The trial judge accepted the hearsay affidavit, found that the adjourned search warrant challenge was an exceptional circumstance, and dismissed the 11(b) application. The defendant was convicted and appealed, alleging the trial judge erred in accepting hearsay on a material issue in dispute. Direct evidence—in this case, from the assigned Crown—was required.
Fairburn ACJO did not accept this argument. See paras 34-35:
It has been said that trials are not tea parties: Groia v. Law Society of Upper Canada, 2018 SCC 27, [2018] 1 S.C.R. 772, at para. 3. Although the stakes can be high, all counsel are expected to resolve matters in a peaceful and orderly fashion: Groia, at para. 2. Emotions can run high at trials, but through it all, professionalism and civility must be maintained both outside and inside of the courtroom. This includes being respectful of opposing counsel’s need to respond to a personal emergency and respectful of their privacy relating to personal matters.

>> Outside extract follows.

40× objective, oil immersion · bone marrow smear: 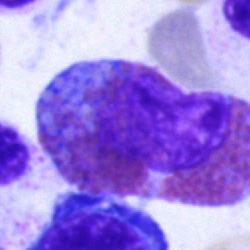

The cell is eosinophilic granulocyte.

The justice system could not function if lawyers refused to accept each other’s word without good reason or insisted on a “prove it” approach. Quite simply, there was no need for the assigned Crown to become a witness on this application. The evidence led by the Crown in this case was entirely sufficient. We have not, and hopefully will not, arrive at the point where lawyers facing personal crises must share their most intimate, personal details – along with those of their loved ones – to keep a prosecution on course.
The takeaway: unless there is good reason to think otherwise, counsel will be taken at their word when a personal matter out of court interferes with their work. The court will generally not pry into their privacy, even if that privacy is asserted over a material fact. You might call this “work-life balance privilege”.